Patrice taught us that a poor frontside would result in a bad backside. Even though I use the rotation technique, I realized to what point I did not rotate enough especially prior to the backside.
It was good to see how Patrice carve on a mountain different than Zinal. Even when skidding between bumps, he does it with grace.

The next day was SES opening day at Snowmass. It was overcast with snow showers the light was rather flat and I could not see anything with my cheap goggles. It was cold/snowy/flat light.....we could not see the bumps so it was hard to carve.

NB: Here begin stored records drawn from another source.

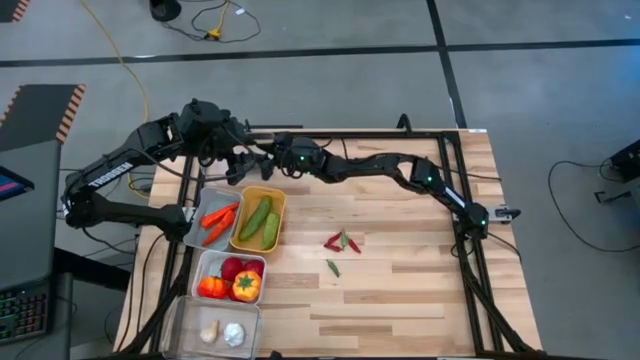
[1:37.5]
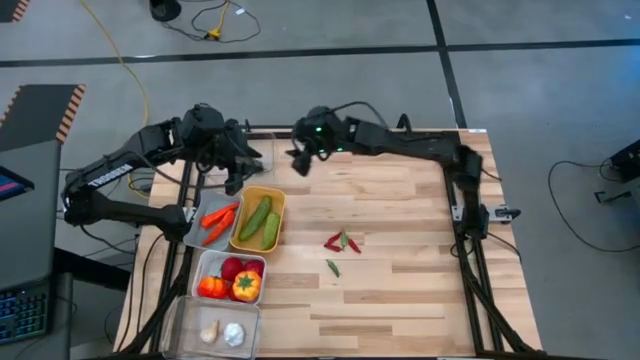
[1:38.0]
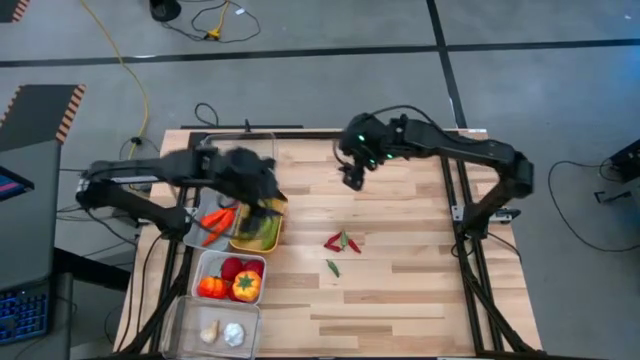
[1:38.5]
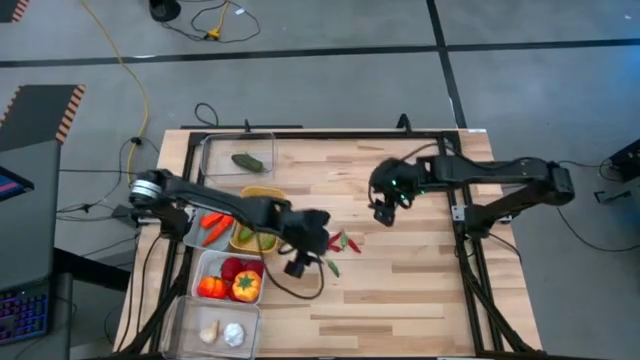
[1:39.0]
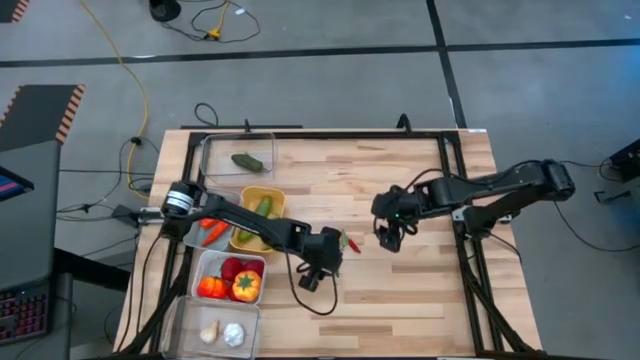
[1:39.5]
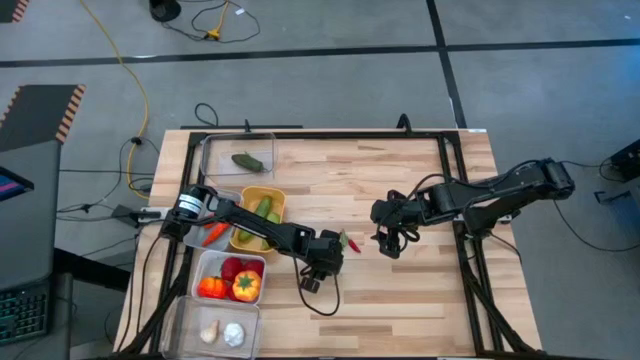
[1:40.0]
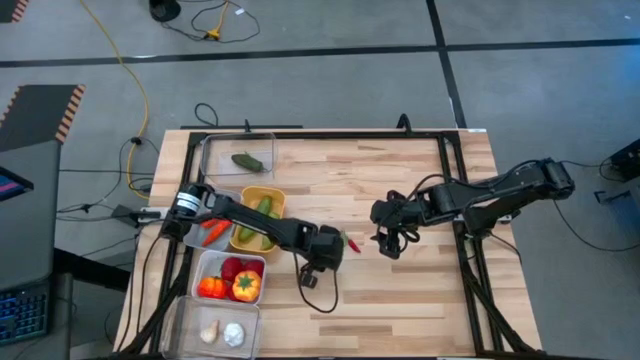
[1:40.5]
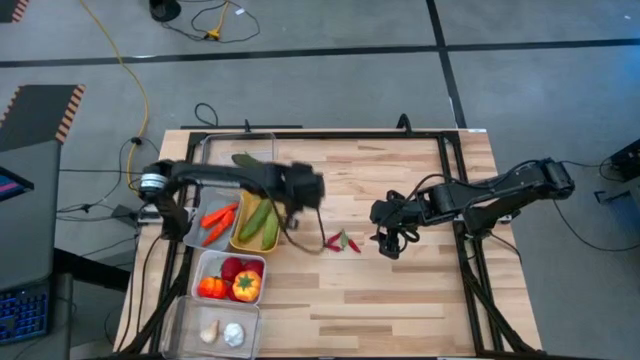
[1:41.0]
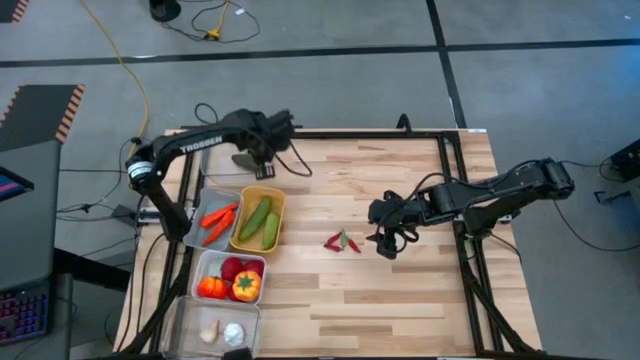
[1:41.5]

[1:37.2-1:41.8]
Task: Sort produce into baskets
Put the bottom left pepper into the top transparent bin

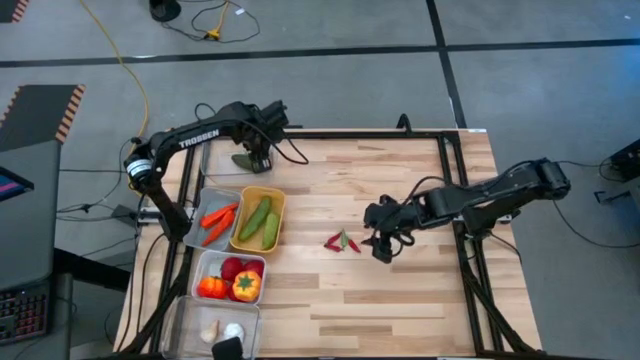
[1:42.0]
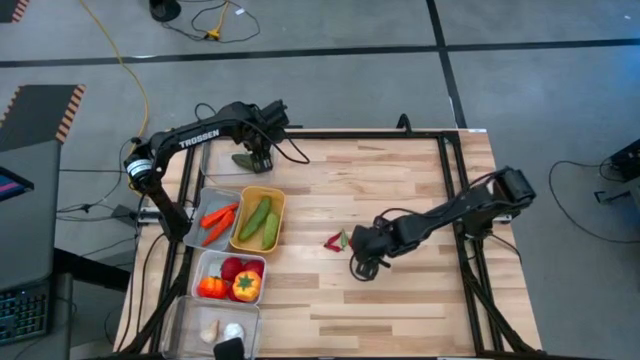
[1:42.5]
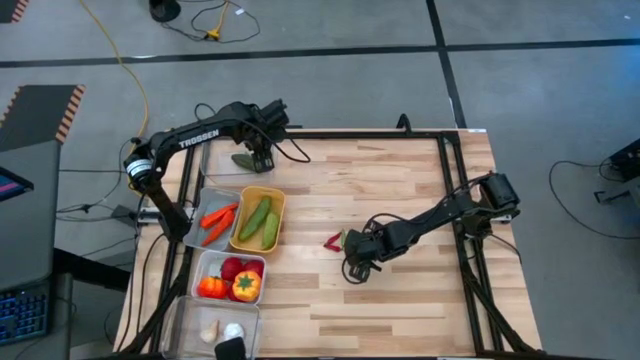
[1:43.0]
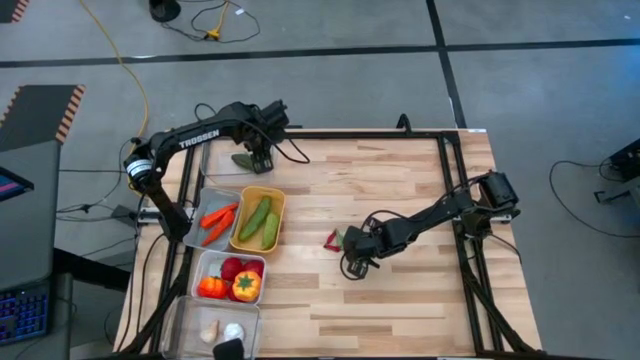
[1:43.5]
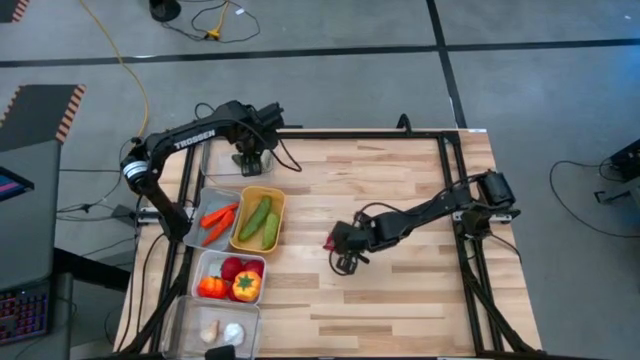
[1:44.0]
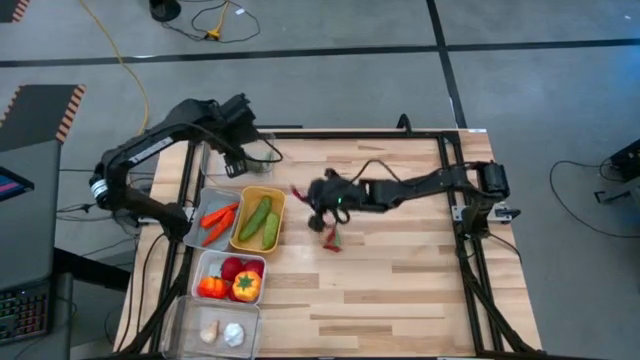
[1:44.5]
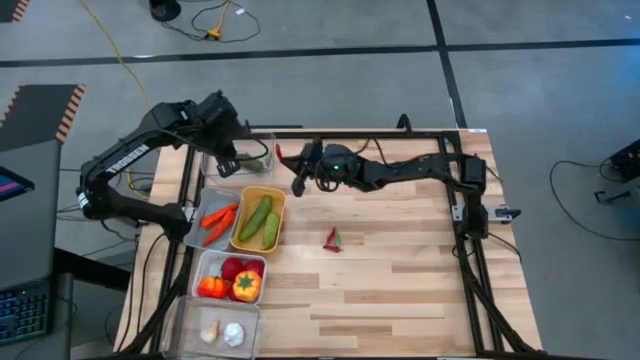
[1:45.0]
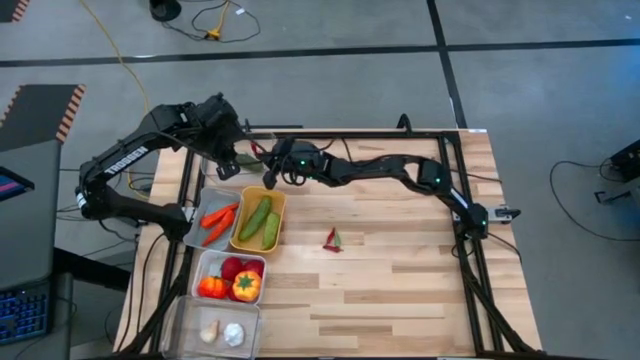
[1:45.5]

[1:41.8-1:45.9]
Put the middle right pepper into the transparent bin

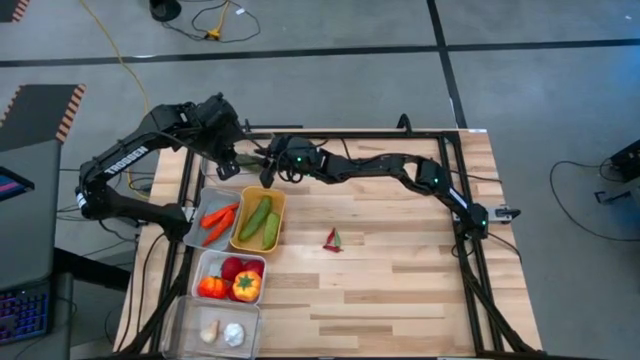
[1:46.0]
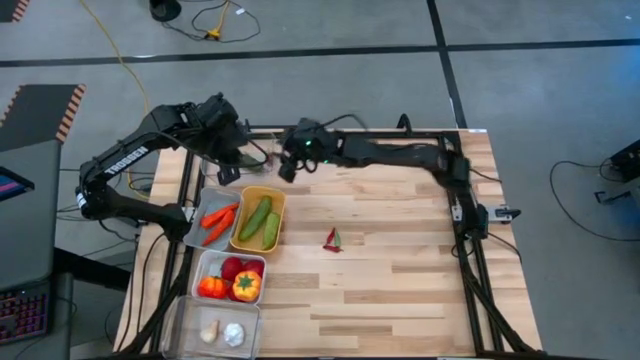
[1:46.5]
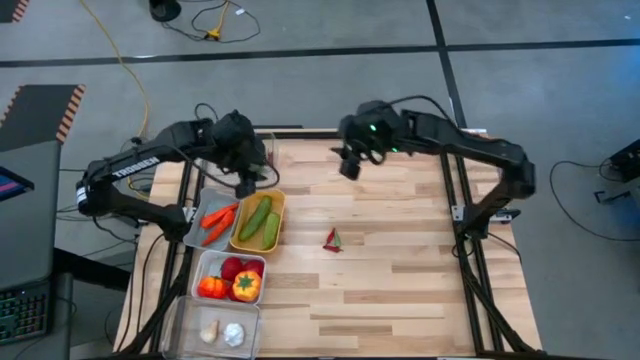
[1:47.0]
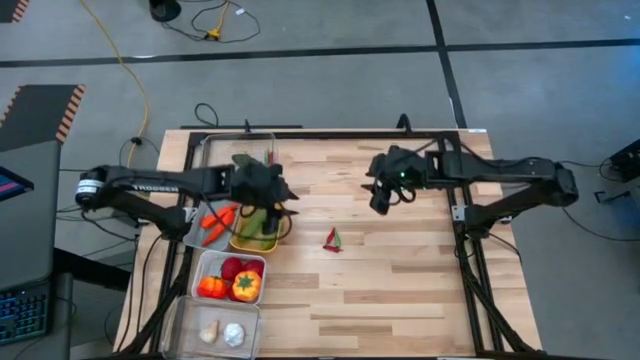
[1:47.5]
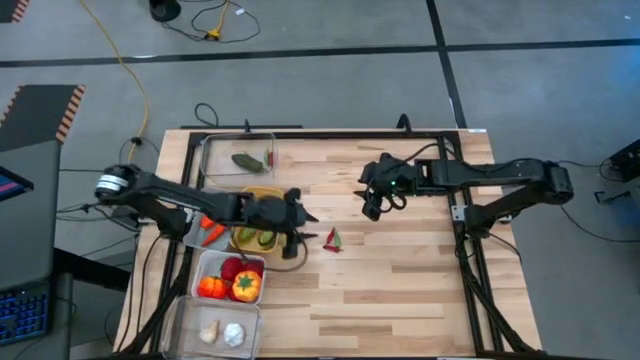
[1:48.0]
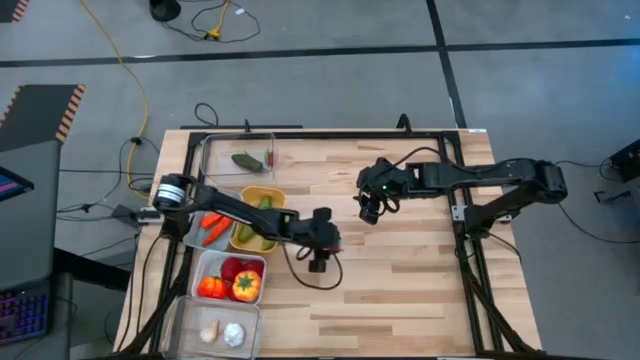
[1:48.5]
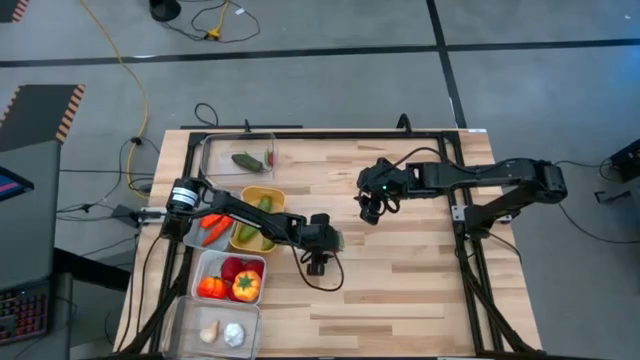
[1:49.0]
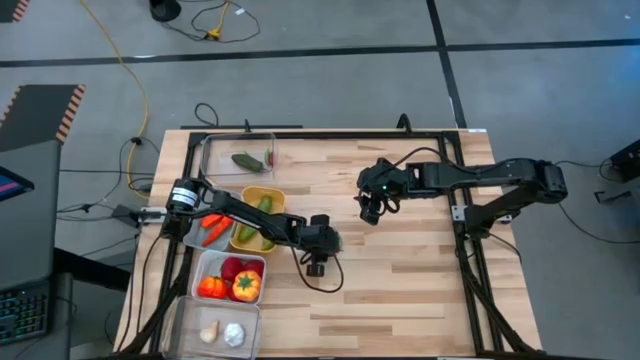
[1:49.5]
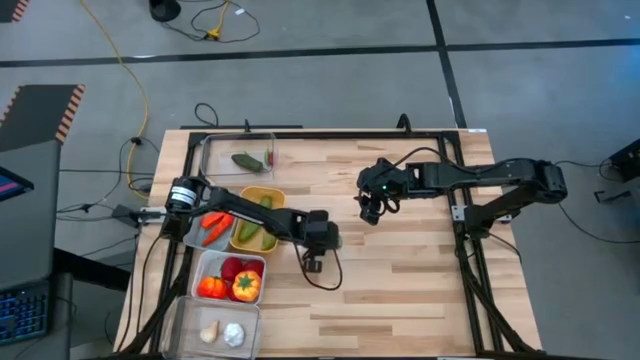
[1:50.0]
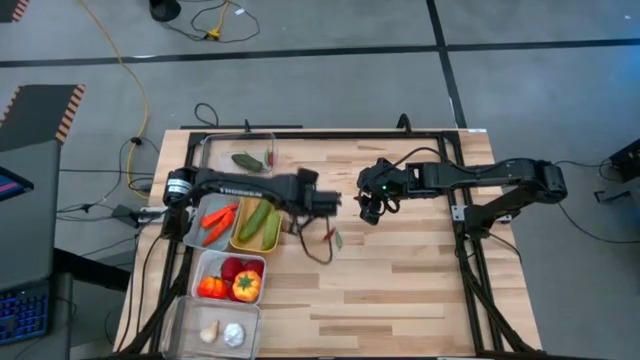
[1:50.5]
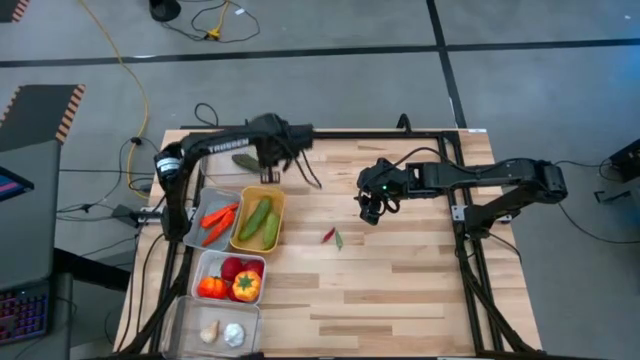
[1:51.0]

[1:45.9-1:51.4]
Put the bottom center pepper into the top transparent bin

I am so used to the nice Californian weather that I am now a real weather-wimp

By the end of the day, I was complaining about the weather but instead Patrice/Nils said they had a great time !!!! I realized that I need to spend a lot more time in less than perfect conditions.
On Sunday, we were were greeted on with sunshine at Buttermilk. There were 60+ carvers and within one hour, the carving hill was reduced to a field of cookies


On Monday yesterday, we could not join the SES because we had flights to catch in the afternoon but we managed to carve a Sunlight another local hill. It was great: sunshine and hero snow again.
What I learnt:
1) Extreme carving with linkded laydown back/frontside may be applicable only to a few steep hills like Zinal or "Slot" at Snowmass.
2) On a "normal" mountain, I followed Patrice and he push-pulled all the way down with only a few occasional laydown.
3) Patrice's speed is comforably reasonable without going too fast but he keep the same speed from to to bottom which is VERY challenging to me.
4) I have been doing push pull too but I realized that the way Patrice does it is A LOT closer to surfing and when I simulated what he did, the fun factor was multiplied by 10.
5) In addition to the push-pull, I worked a lot on adding more rotation to what I had. This adds tons of accelerations yet correcting a lot of mistakes that I used to force due to lack of rotation.
6) By combining push-pull + strong rotation, there were so much dynamic-acceleration that I could throw myself off balance even on the green slope.
Overall I learn so much just by trying to keep up with Patrice from top to bottom. THANKS Patrice/Nils !!!!!
Oh, Patrice and Nils said they also met with legendary surfer Mike Doyle. They said he is very gracious on his carving deck.
That's all for now folks. Hopefully DrZone can add some pix to illustrate the above soon.